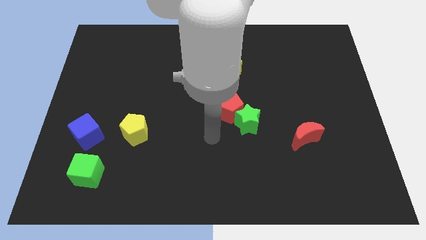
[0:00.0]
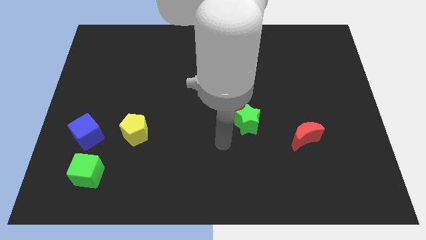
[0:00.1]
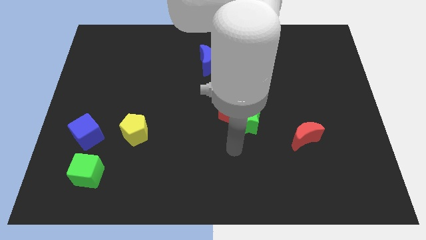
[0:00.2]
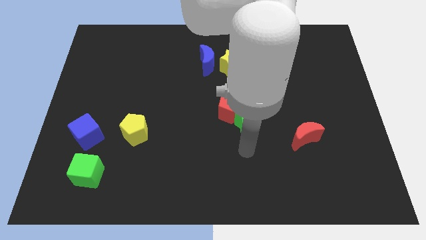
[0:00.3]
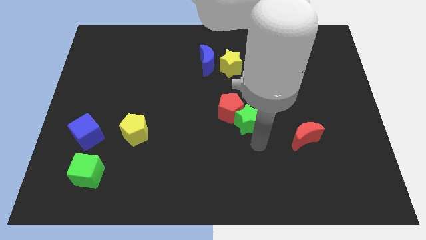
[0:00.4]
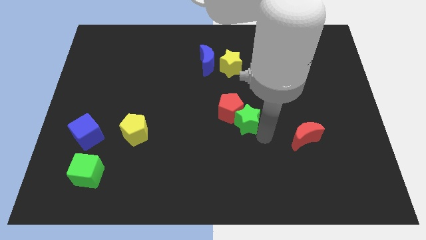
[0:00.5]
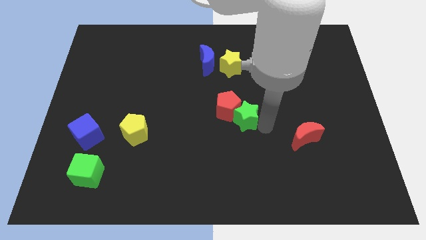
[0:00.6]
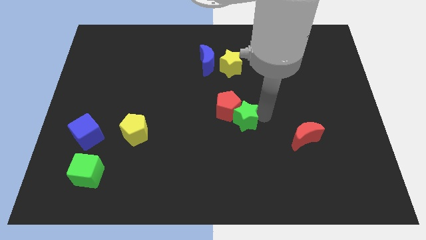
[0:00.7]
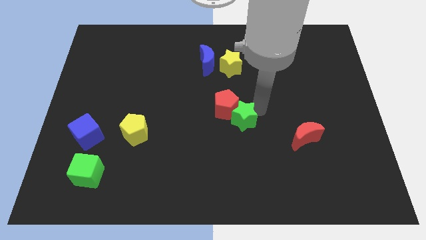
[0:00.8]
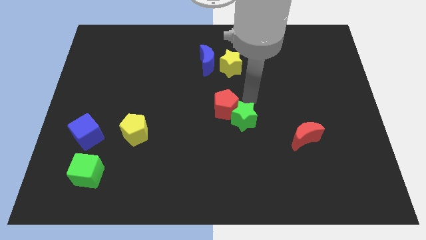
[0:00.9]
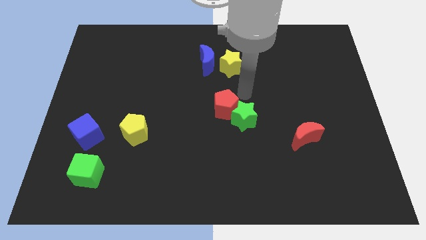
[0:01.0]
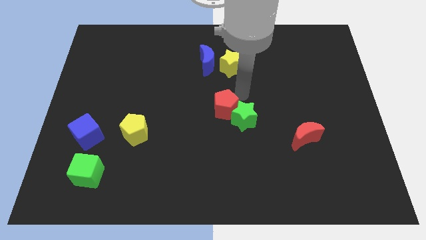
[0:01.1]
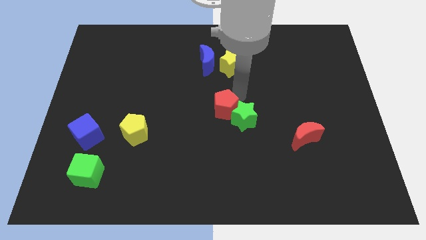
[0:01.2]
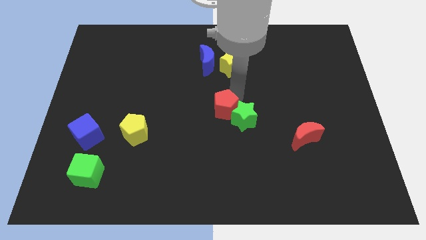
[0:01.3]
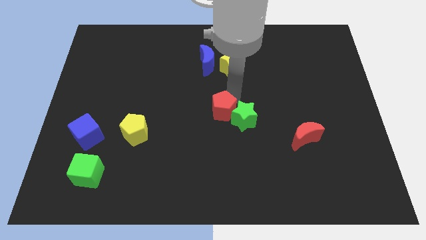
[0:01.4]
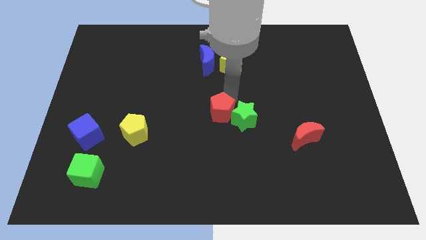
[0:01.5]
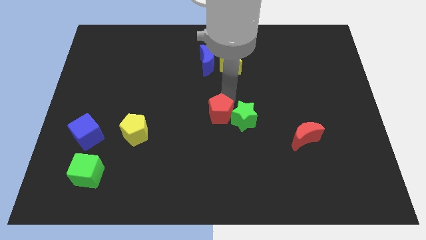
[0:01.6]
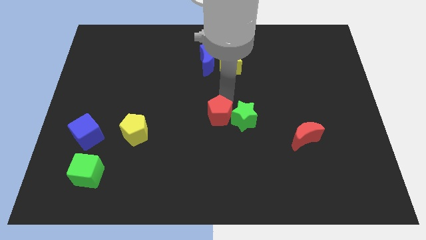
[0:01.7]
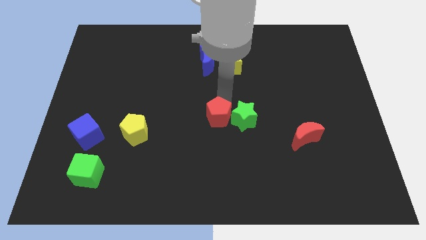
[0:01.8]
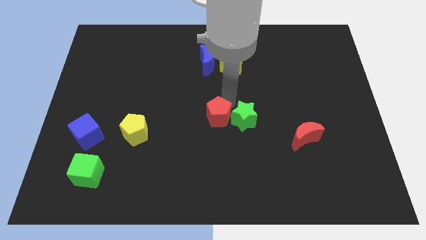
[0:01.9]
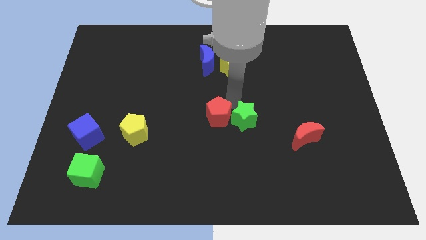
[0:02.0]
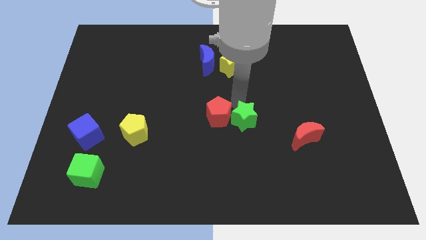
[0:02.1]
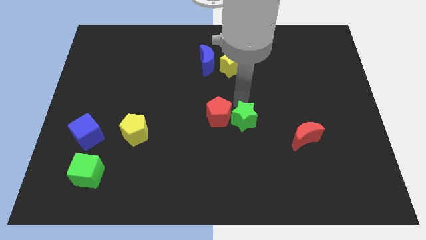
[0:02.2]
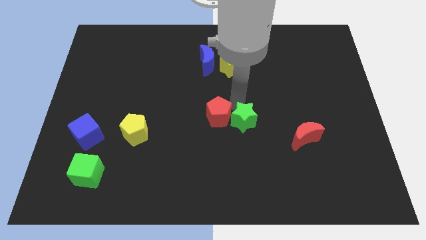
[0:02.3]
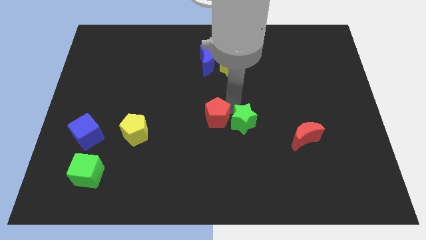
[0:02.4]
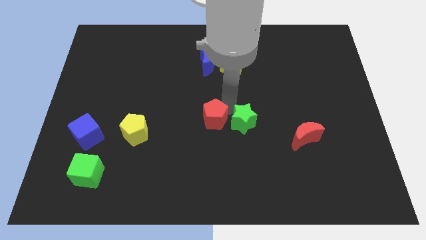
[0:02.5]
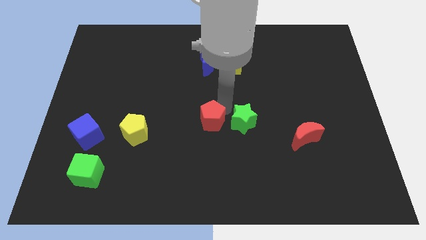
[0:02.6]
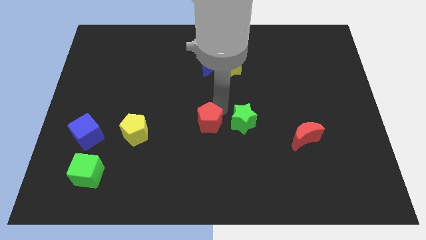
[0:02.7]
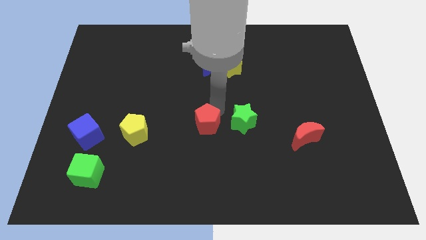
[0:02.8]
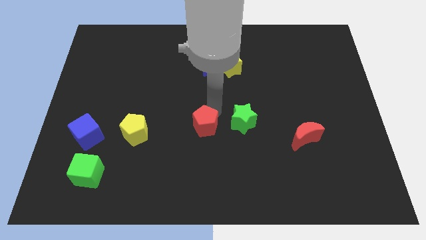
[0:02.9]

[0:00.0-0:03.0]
slightly push the red pentagon down and then to the left

Your goal: Return the complete data unchanged and include none of the pictures.

Exercise answer:
[0:00.0]
[0:00.1]
[0:00.2]
[0:00.3]
[0:00.4]
[0:00.5]
[0:00.6]
[0:00.7]
[0:00.8]
[0:00.9]
[0:01.0]
[0:01.1]
[0:01.2]
[0:01.3]
[0:01.4]
[0:01.5]
[0:01.6]
[0:01.7]
[0:01.8]
[0:01.9]
[0:02.0]
[0:02.1]
[0:02.2]
[0:02.3]
[0:02.4]
[0:02.5]
[0:02.6]
[0:02.7]
[0:02.8]
[0:02.9]

[0:00.0-0:03.0]
slightly push the red pentagon down and then to the left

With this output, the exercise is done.